What the task requires
A complete answer lists every line of the entries below where the string "href" appears.

(Records from a data source)
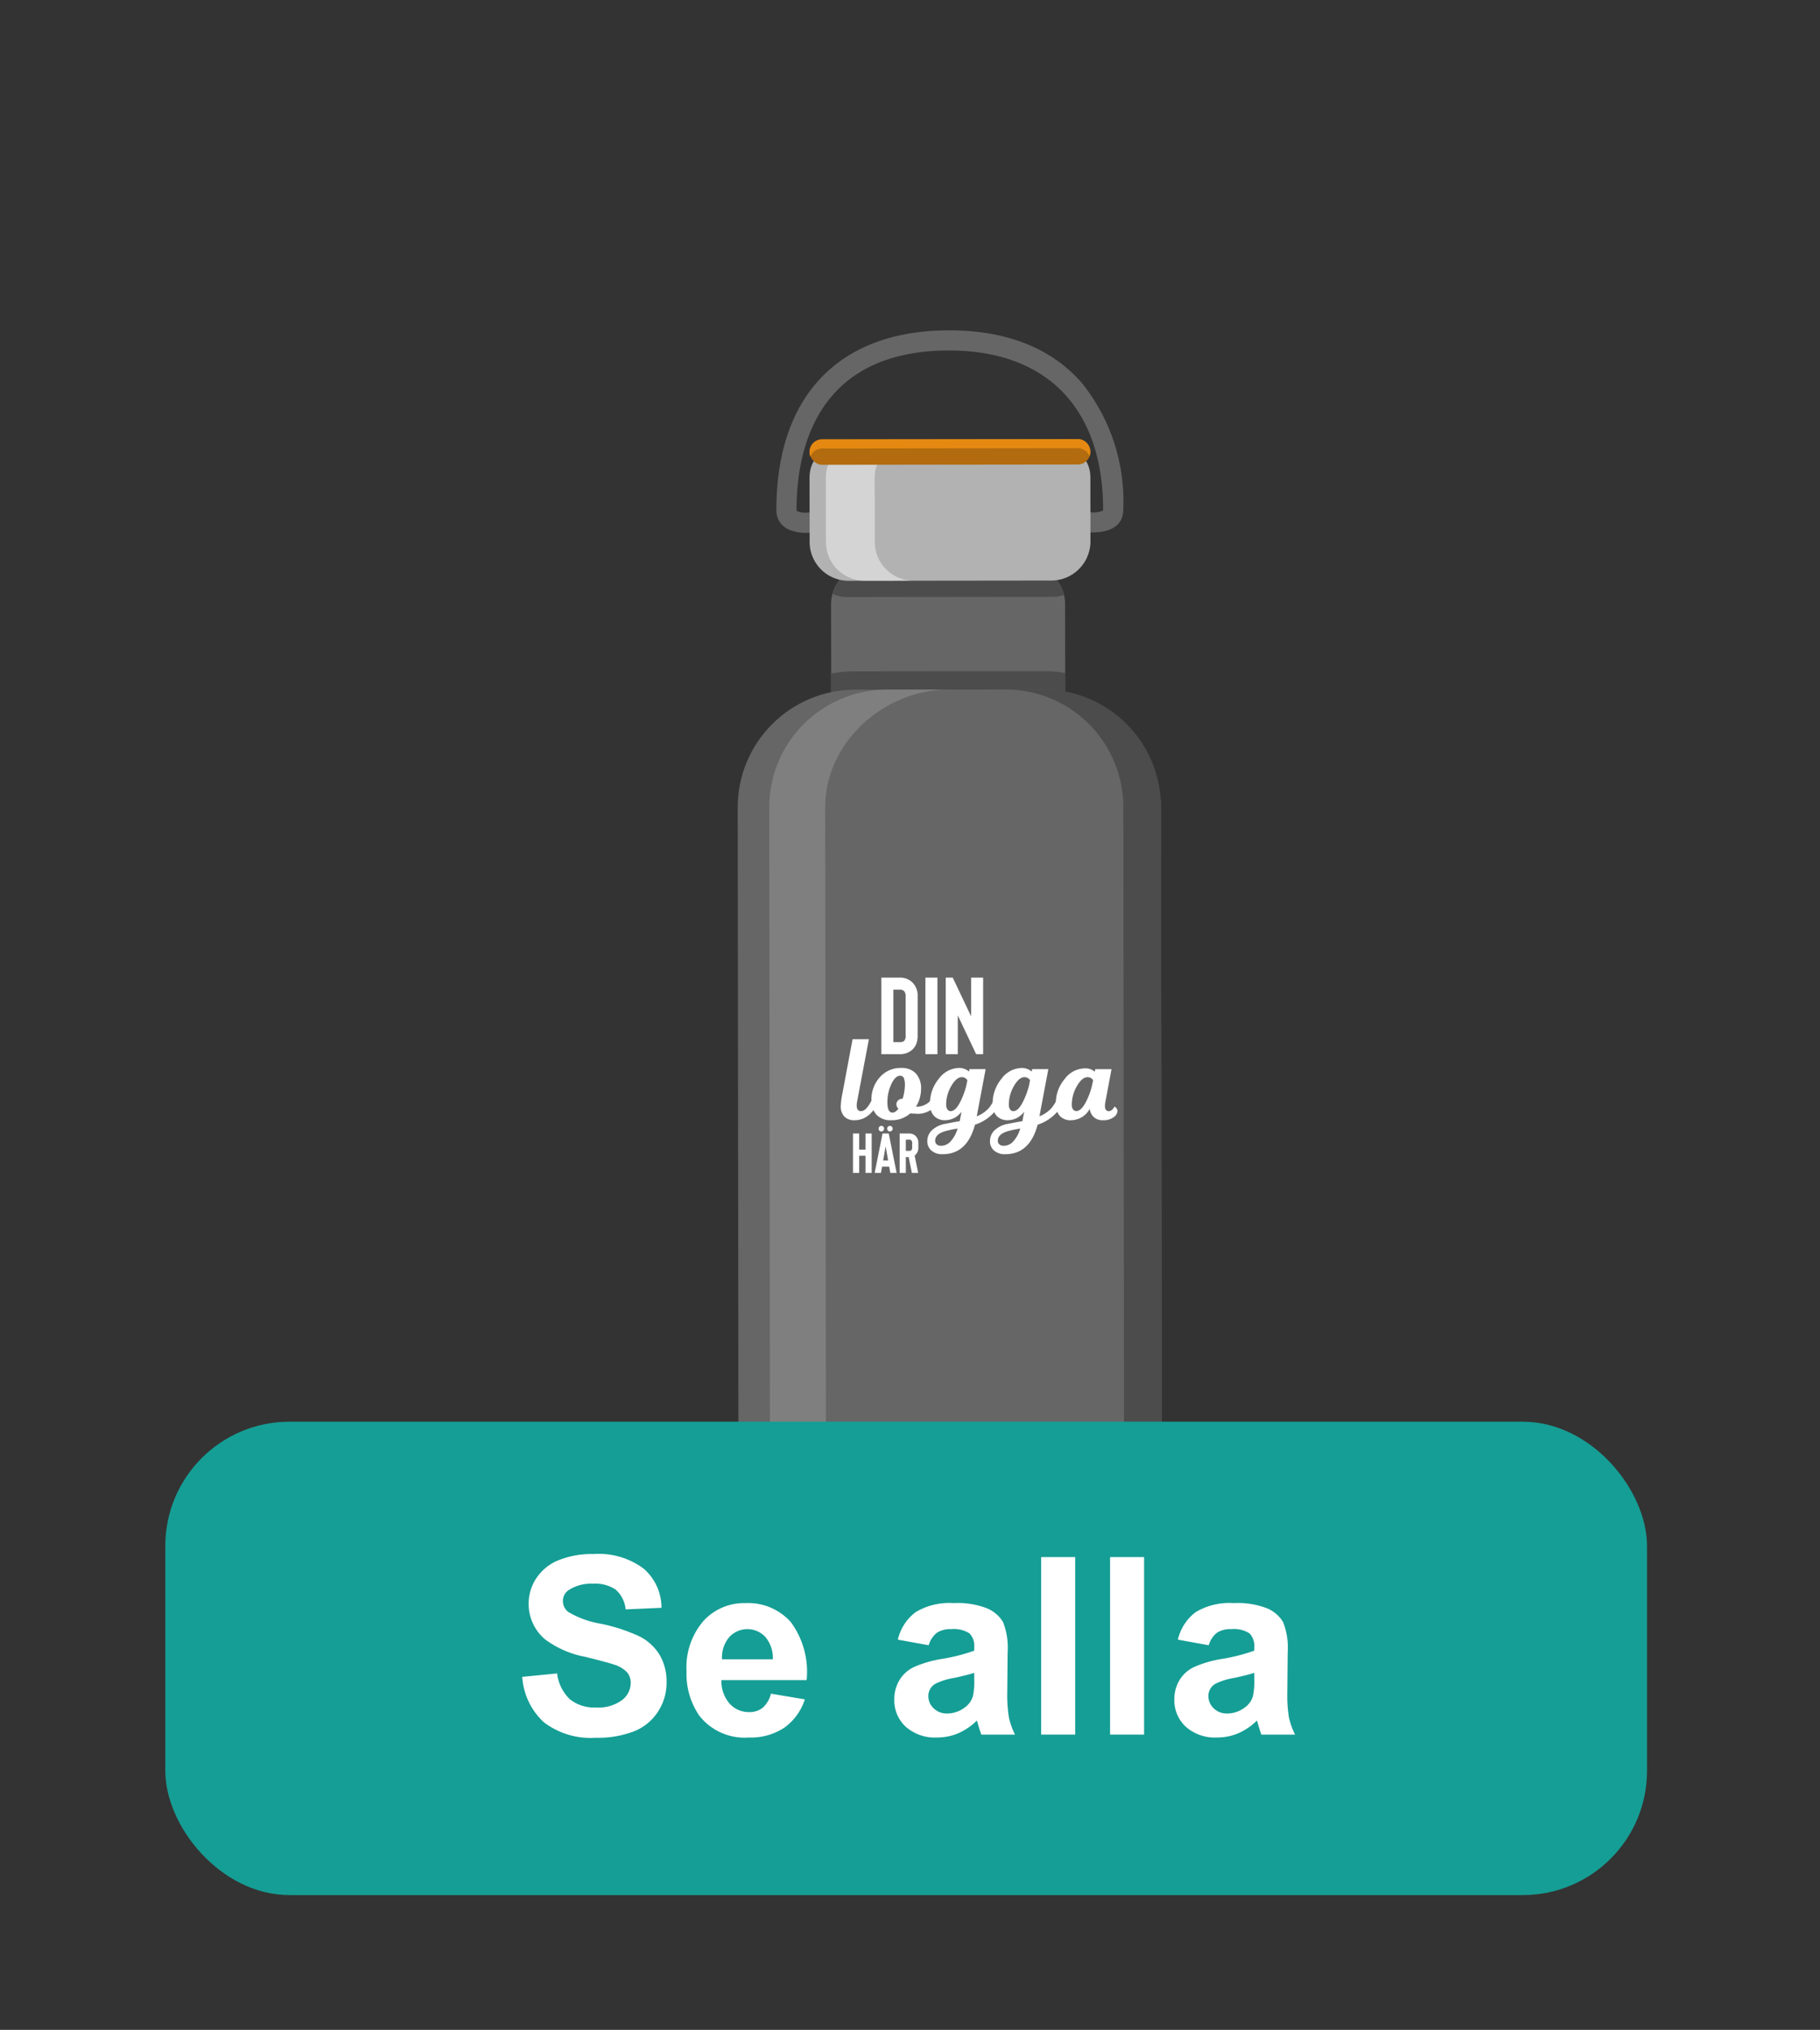 <svg xmlns="http://www.w3.org/2000/svg" xmlns:xlink="http://www.w3.org/1999/xlink" viewBox="0 0 139 155">
  <rect x="0" y="0" width="139" height="155" fill="#333333" stroke="none"/>
  <defs>
    <symbol id="button" data-name="button" viewBox="0 0 59.024 14.027">
      <g>
        <path d="M0,9.376l2.664-.259a3.247,3.247,0,0,0,.975,1.97,2.951,2.951,0,0,0,1.984.629,3.048,3.048,0,0,0,1.993-.56,1.664,1.664,0,0,0,.67-1.308,1.236,1.236,0,0,0-.282-.818,2.252,2.252,0,0,0-.985-.587q-.481-.167-2.192-.592A7.428,7.428,0,0,1,1.739,6.51,3.527,3.527,0,0,1,.49,3.782a3.484,3.484,0,0,1,.587-1.938A3.67,3.67,0,0,1,2.77.472,6.781,6.781,0,0,1,5.438,0,5.723,5.723,0,0,1,9.28,1.119a3.947,3.947,0,0,1,1.355,2.986l-2.737.12a2.328,2.328,0,0,0-.753-1.503A2.763,2.763,0,0,0,5.41,2.266a3.123,3.123,0,0,0-1.868.49.985.985,0,0,0-.435.841,1.04,1.04,0,0,0,.407.823,7.19,7.19,0,0,0,2.515.906,13.278,13.278,0,0,1,2.955.976A3.808,3.808,0,0,1,10.482,7.68a4.029,4.029,0,0,1,.541,2.159,3.993,3.993,0,0,1-.647,2.182,3.88,3.88,0,0,1-1.831,1.513,7.692,7.692,0,0,1-2.95.494A5.869,5.869,0,0,1,1.646,12.839,5.168,5.168,0,0,1,0,9.376Z" style="fill: #fff"/>
        <path d="M18.994,10.661l2.589.436a4.243,4.243,0,0,1-1.577,2.168,4.633,4.633,0,0,1-2.695.744A4.393,4.393,0,0,1,13.519,12.335a5.623,5.623,0,0,1-.971-3.384A5.424,5.424,0,0,1,13.824,5.127a4.206,4.206,0,0,1,3.228-1.382A4.36,4.36,0,0,1,20.51,5.192,6.404,6.404,0,0,1,21.721,9.626h-6.51a2.63,2.63,0,0,0,.629,1.799,1.965,1.965,0,0,0,1.498.643,1.592,1.592,0,0,0,1.026-.333A2.055,2.055,0,0,0,18.994,10.661Zm.148-2.626A2.503,2.503,0,0,0,18.559,6.32a1.876,1.876,0,0,0-2.756.032,2.397,2.397,0,0,0-.545,1.683Z" style="fill: #fff"/>
        <path d="M31.043,6.963l-2.358-.426a3.675,3.675,0,0,1,1.368-2.108,5.012,5.012,0,0,1,2.885-.684,6.218,6.218,0,0,1,2.589.411,2.585,2.585,0,0,1,1.197,1.045,5.355,5.355,0,0,1,.347,2.326L37.044,10.56a10.553,10.553,0,0,0,.125,1.91,5.566,5.566,0,0,0,.467,1.317H35.065q-.102-.259-.25-.768-.065-.232-.093-.305a4.682,4.682,0,0,1-1.424.971,4.077,4.077,0,0,1-1.618.323,3.35,3.35,0,0,1-2.391-.822,2.736,2.736,0,0,1-.874-2.081,2.793,2.793,0,0,1,.398-1.484,2.588,2.588,0,0,1,1.114-.998,8.704,8.704,0,0,1,2.066-.606A14.111,14.111,0,0,0,34.52,7.379V7.12a1.347,1.347,0,0,0-.37-1.068,2.216,2.216,0,0,0-1.397-.318,1.859,1.859,0,0,0-1.081.273A1.891,1.891,0,0,0,31.043,6.963ZM34.52,9.071q-.499.165-1.581.398a4.745,4.745,0,0,0-1.415.453,1.083,1.083,0,0,0-.509.915,1.274,1.274,0,0,0,.407.943,1.419,1.419,0,0,0,1.036.397,2.247,2.247,0,0,0,1.341-.462,1.627,1.627,0,0,0,.62-.86,5.117,5.117,0,0,0,.102-1.267Z" style="fill: #fff"/>
        <path d="M52.431,6.963l-2.358-.426a3.675,3.675,0,0,1,1.368-2.108,5.012,5.012,0,0,1,2.885-.684,6.218,6.218,0,0,1,2.589.411,2.585,2.585,0,0,1,1.197,1.045A5.357,5.357,0,0,1,58.46,7.527L58.432,10.56a10.565,10.565,0,0,0,.124,1.91,5.567,5.567,0,0,0,.467,1.317H56.453q-.102-.259-.249-.768-.065-.232-.093-.305a4.681,4.681,0,0,1-1.424.971,4.077,4.077,0,0,1-1.618.323,3.35,3.35,0,0,1-2.391-.822,2.736,2.736,0,0,1-.874-2.081,2.794,2.794,0,0,1,.398-1.484,2.589,2.589,0,0,1,1.114-.998,8.702,8.702,0,0,1,2.066-.606,14.111,14.111,0,0,0,2.525-.638V7.12a1.347,1.347,0,0,0-.37-1.068,2.216,2.216,0,0,0-1.397-.318,1.859,1.859,0,0,0-1.081.273A1.891,1.891,0,0,0,52.431,6.963Zm3.477,2.108q-.499.165-1.581.398a4.745,4.745,0,0,0-1.415.453,1.083,1.083,0,0,0-.509.915,1.274,1.274,0,0,0,.407.943,1.419,1.419,0,0,0,1.036.397,2.247,2.247,0,0,0,1.341-.462,1.626,1.626,0,0,0,.62-.86,5.122,5.122,0,0,0,.102-1.267Z" style="fill: #fff"/>
        <path d="M39.633,13.787V.231h2.598V13.787Z" style="fill: #fff"/>
        <path d="M44.895,13.787V.231h2.598V13.787Z" style="fill: #fff"/>
      </g>
    </symbol>
    <symbol id="your_logo_onder_elkaar_wit" data-name="your logo onder elkaar wit" viewBox="0 0 26.221 18.501">
      <g>
        <path d="M1.123,5.835H2.669L1.555,11.728a1.878,1.878,0,0,0-.041.385q0,.537.411.536.663,0,1.364-1.873l.572.335q-.883,2.4-2.548,2.4a1.266,1.266,0,0,1-.984-.364A1.408,1.408,0,0,1,0,12.164a8.394,8.394,0,0,1,.171-1.246Z" style="fill: #fff"/>
        <path d="M8.928,10.817l.01-.04.571.335-.01.04a2.244,2.244,0,0,1-2.487,1.732c-.107,0-.247-.007-.421-.021a2.649,2.649,0,0,1-1.806.649A1.842,1.842,0,0,1,3.4,13.005a1.954,1.954,0,0,1-.491-1.418A3.116,3.116,0,0,1,3.696,9.45a2.588,2.588,0,0,1,2.031-.891,1.811,1.811,0,0,1,1.399.527,2.069,2.069,0,0,1,.487,1.459,3.177,3.177,0,0,1-.482,1.68A1.744,1.744,0,0,0,8.928,10.817ZM4.915,12.791c.173,0,.358-.124.551-.374a.577.577,0,0,1-.19-.406.485.485,0,0,1,.175-.39.631.631,0,0,1,.416-.147A4.761,4.761,0,0,0,6.079,10.24a1.867,1.867,0,0,0-.1-.729.364.364,0,0,0-.361-.213q-.442,0-.818.784A4.016,4.016,0,0,0,4.423,11.84C4.423,12.475,4.587,12.791,4.915,12.791Z" style="fill: #fff"/>
        <path d="M14.876,10.776l.572.335a4.157,4.157,0,0,1-2.729,2.825q-.742,2.795-3.07,2.795a1.52,1.52,0,0,1-1.058-.349,1.146,1.146,0,0,1-.386-.887,1.404,1.404,0,0,1,.447-1.042,2.424,2.424,0,0,1,1.249-.598q.953-.193,1.374-.253l.171-.902a1.928,1.928,0,0,1-1.535.81,1.393,1.393,0,0,1-1.073-.41,1.58,1.58,0,0,1-.381-1.119,3.653,3.653,0,0,1,.843-2.405,2.448,2.448,0,0,1,1.906-1.018,1.413,1.413,0,0,1,.953.344l.041-.233H13.733L12.89,13.136a2.912,2.912,0,0,0,1.199-.841A5.335,5.335,0,0,0,14.876,10.776ZM9.52,15.931a1.226,1.226,0,0,0,.897-.42A3.045,3.045,0,0,0,11.074,14.3a9.309,9.309,0,0,0-1.113.233q-1.013.273-1.013.921a.445.445,0,0,0,.145.344A.618.618,0,0,0,9.52,15.931Zm.903-3.282q.4,0,.797-.678a7.258,7.258,0,0,0,.687-1.762l.091-.476a.452.452,0,0,0-.07-.111.583.583,0,0,0-.175-.126.589.589,0,0,0-.276-.066q-.522,0-1.003.841a3.497,3.497,0,0,0-.482,1.762.79.79,0,0,0,.115.446A.363.363,0,0,0,10.423,12.65Z" style="fill: #fff"/>
        <path d="M20.814,10.776l.572.335a4.157,4.157,0,0,1-2.729,2.825q-.742,2.795-3.07,2.795a1.52,1.52,0,0,1-1.058-.349,1.146,1.146,0,0,1-.386-.887,1.404,1.404,0,0,1,.447-1.042,2.424,2.424,0,0,1,1.249-.598q.953-.193,1.374-.253l.171-.902a1.928,1.928,0,0,1-1.535.81,1.393,1.393,0,0,1-1.073-.41,1.58,1.58,0,0,1-.381-1.119,3.653,3.653,0,0,1,.843-2.405A2.448,2.448,0,0,1,17.143,8.559a1.414,1.414,0,0,1,.953.344l.041-.233h1.535l-.843,4.466a2.912,2.912,0,0,0,1.199-.841A5.335,5.335,0,0,0,20.814,10.776Zm-5.356,5.155a1.226,1.226,0,0,0,.897-.42A3.045,3.045,0,0,0,17.012,14.3a9.309,9.309,0,0,0-1.113.233q-1.013.273-1.013.921a.446.446,0,0,0,.145.344A.618.618,0,0,0,15.458,15.931Zm.903-3.282q.4,0,.797-.678a7.258,7.258,0,0,0,.687-1.762l.091-.476a.452.452,0,0,0-.07-.111.583.583,0,0,0-.175-.126.589.589,0,0,0-.276-.066q-.522,0-1.003.841a3.496,3.496,0,0,0-.482,1.762.79.79,0,0,0,.115.446A.363.363,0,0,0,16.361,12.65Z" style="fill: #fff"/>
        <path d="M26.221,12.63a.772.772,0,0,1-.366.603,1.634,1.634,0,0,1-1.008.279,1.225,1.225,0,0,1-.858-.288,1.306,1.306,0,0,1-.396-.785,2.049,2.049,0,0,1-1.766,1.074,1.364,1.364,0,0,1-1.073-.415,1.672,1.672,0,0,1-.371-1.155,3.533,3.533,0,0,1,.838-2.339,2.417,2.417,0,0,1,1.87-1.003,1.339,1.339,0,0,1,.984.314l.04-.243H25.66l-.572,3.058a2.704,2.704,0,0,0-.051.425c0,.331.121.496.362.496a.442.442,0,0,0,.286-.111.857.857,0,0,0,.195-.213l.051-.111A.491.491,0,0,1,26.221,12.63Zm-2.829-3.2q-.522,0-1.008.841a3.47,3.47,0,0,0-.487,1.762.727.727,0,0,0,.12.456.39.39,0,0,0,.322.152q.391,0,.798-.683a6.67,6.67,0,0,0,.677-1.747l.101-.476a.456.456,0,0,0-.07-.111.583.583,0,0,0-.175-.126A.589.589,0,0,0,23.392,9.43Z" style="fill: #fff"/>
      </g>
      <g>
        <path d="M5.569,7.252H3.85V0h1.719A1.692,1.692,0,0,1,6.771.435a1.741,1.741,0,0,1,.518,1.347V5.511a2.147,2.147,0,0,1-.124.756,1.542,1.542,0,0,1-.405.58A1.705,1.705,0,0,1,5.569,7.252Zm-.58-1.139h.58a.642.642,0,0,0,.435-.114.628.628,0,0,0,.145-.487V1.782a.715.715,0,0,0-.155-.518.61.61,0,0,0-.425-.124h-.58Z" style="fill: #fff"/>
        <path d="M9.163,7.252H8.024V0h1.139Z" style="fill: #fff"/>
        <path d="M13.494,7.252h-.663l-1.74-3.678V7.252h-1.14V0h.663l1.74,3.667V0h1.14Z" style="fill: #fff"/>
      </g>
      <g>
        <path d="M2.933,14.768v3.734H2.346V16.88H1.749v1.621H1.162V14.768h.587v1.526h.597V14.768Z" style="fill: #fff"/>
        <path d="M4.592,17.909H3.92l-.107.592H3.216l.747-3.734h.587l.747,3.734H4.698Zm-.925-3.411a.261.261,0,0,0,.445-.184.258.258,0,0,0-.077-.19.258.258,0,0,0-.368,0,.257.257,0,0,0-.077.19A.251.251,0,0,0,3.666,14.498Zm.824,2.824-.235-1.339-.235,1.339ZM4.477,14.498a.261.261,0,0,0,.445-.184.259.259,0,0,0-.077-.19.258.258,0,0,0-.368,0,.258.258,0,0,0-.077.19A.251.251,0,0,0,4.477,14.498Z" style="fill: #fff"/>
        <path d="M7.338,18.501H6.741l-.304-1.499H6.17v1.499H5.584V14.768H6.469a.871.871,0,0,1,.619.224.896.896,0,0,1,.267.694v.4a.903.903,0,0,1-.267.699.573.573,0,0,1-.086.069ZM6.768,15.685a.368.368,0,0,0-.08-.267.314.314,0,0,0-.219-.064H6.17v1.062H6.469a.315.315,0,0,0,.219-.064.356.356,0,0,0,.08-.267Z" style="fill: #fff"/>
      </g>
    </symbol>
  </defs>
  <g id="Laag_1" data-name="Laag 1">
    <g>
      <path d="M66.43,43.174H78.396A2.954,2.954,0,0,1,81.35,46.128v8.08a2.954,2.954,0,0,1-2.954,2.954H66.43a2.954,2.954,0,0,1-2.954-2.954v-8.08A2.954,2.954,0,0,1,66.43,43.174Z" transform="translate(-0.058 0.084) rotate(-0.066)" style="fill: #666"/>
      <path d="M79.683,51.247l-14.383.017a9.578,9.578,0,0,0-1.823.17l.003,2.773a2.985,2.985,0,0,0,2.982,2.962l11.943-.014a2.962,2.962,0,0,0,2.948-2.969L81.351,51.39A9.022,9.022,0,0,0,79.683,51.247Z" style="fill: #4c4c4c"/>
      <rect x="56.376" y="52.654" width="32.327" height="78.563" rx="8.989" transform="translate(-0.106 0.084) rotate(-0.066)" style="fill: #666"/>
      <path d="M79.668,52.646l-2.875.003a8.989,8.989,0,0,1,9,8.979l.07,60.584a8.989,8.989,0,0,1-8.979,9l2.875-.003a8.989,8.989,0,0,0,8.979-9l-.07-60.584A8.989,8.989,0,0,0,79.668,52.646Z" style="fill: #4c4c4c"/>
      <path d="M63.094,122.239l-.07-60.584c-.006-4.965,4.48-8.995,9.445-9l-4.74.005a8.989,8.989,0,0,0-8.979,9l.07,60.584a8.989,8.989,0,0,0,9,8.979l4.74-.005C67.595,131.223,63.1,127.204,63.094,122.239Z" style="fill: #7f7f7f"/>
      <path d="M63.596,45.361a2.935,2.935,0,0,0,1.185.231l15.539-.018a2.939,2.939,0,0,0,.95-.143A2.94,2.94,0,0,0,78.39,43.167l-11.943.014A2.941,2.941,0,0,0,63.596,45.361Z" style="fill: #4c4c4c"/>
      <path d="M83.362,40.66a28.792,28.792,0,0,1-3.489-.351,52.984,52.984,0,0,0-7.394-.623,52.043,52.043,0,0,0-7.367.643,27.871,27.871,0,0,1-3.418.357,3.213,3.213,0,0,1-1.578-.31,1.574,1.574,0,0,1-.82-1.439c-.01-8.704,4.789-13.703,13.167-13.712,4.421-.005,7.847,1.354,10.18,4.04A14.464,14.464,0,0,1,85.79,38.905C85.79,39.704,85.37,40.657,83.362,40.66ZM72.477,38.144a54.274,54.274,0,0,1,7.604.637,28.078,28.078,0,0,0,3.279.337,1.676,1.676,0,0,0,.882-.136.327.327,0,0,0,.007-.076c-.009-7.725-4.304-12.151-11.785-12.142-10.13.012-11.633,7.63-11.628,12.169a.336.336,0,0,0,.008.082,1.629,1.629,0,0,0,.848.128,27.187,27.187,0,0,0,3.205-.342A53.318,53.318,0,0,1,72.477,38.144Z" style="fill: #666"/>
      <path d="M83.282,41.342a2.993,2.993,0,0,1-2.965,2.989l-15.539.018a2.97,2.97,0,0,1-2.944-2.982l-.006-4.88c-.002-1.631,1.307-2.55,2.938-2.551l15.539-.018c1.631-.002,2.969.913,2.971,2.545Z" style="fill: #b2b2b2"/>
      <path d="M66.808,41.361l-.006-4.88C66.8,34.85,68.109,33.932,69.74,33.93l-3.73.004c-1.631.002-2.94.92-2.938,2.551l.006,4.88a2.97,2.97,0,0,0,2.944,2.982l3.73-.004A2.97,2.97,0,0,1,66.808,41.361Z" style="fill: #f5f5f5;opacity: 0.52"/>
      <rect x="61.827" y="33.538" width="21.447" height="1.943" rx="0.963" transform="translate(-0.04 0.084) rotate(-0.066)" style="fill: #b26b0e"/>
      <path d="M82.31,33.527l-19.521.023a.963.963,0,0,0-.962.964V34.53a.958.958,0,0,0,.064.341.963.963,0,0,1,.899-.623l19.521-.023a.963.963,0,0,1,.9.621.958.958,0,0,0,.063-.342v-.016A.963.963,0,0,0,82.31,33.527Z" style="fill: #e58912"/>
    </g>
    <rect x="12.625" y="108.562" width="113.164" height="36.149" rx="9.488" style="fill: #159e95"/>
    <use width="59.024" height="14.027" transform="translate(39.885 118.669)" xlink:href="#button"/>
    <use width="26.221" height="18.501" transform="translate(64.209 74.652) scale(0.806)" xlink:href="#your_logo_onder_elkaar_wit"/>
  </g>
</svg>

Task result
    <use width="59.024" height="14.027" transform="translate(39.885 118.669)" xlink:href="#button"/>
    <use width="26.221" height="18.501" transform="translate(64.209 74.652) scale(0.806)" xlink:href="#your_logo_onder_elkaar_wit"/>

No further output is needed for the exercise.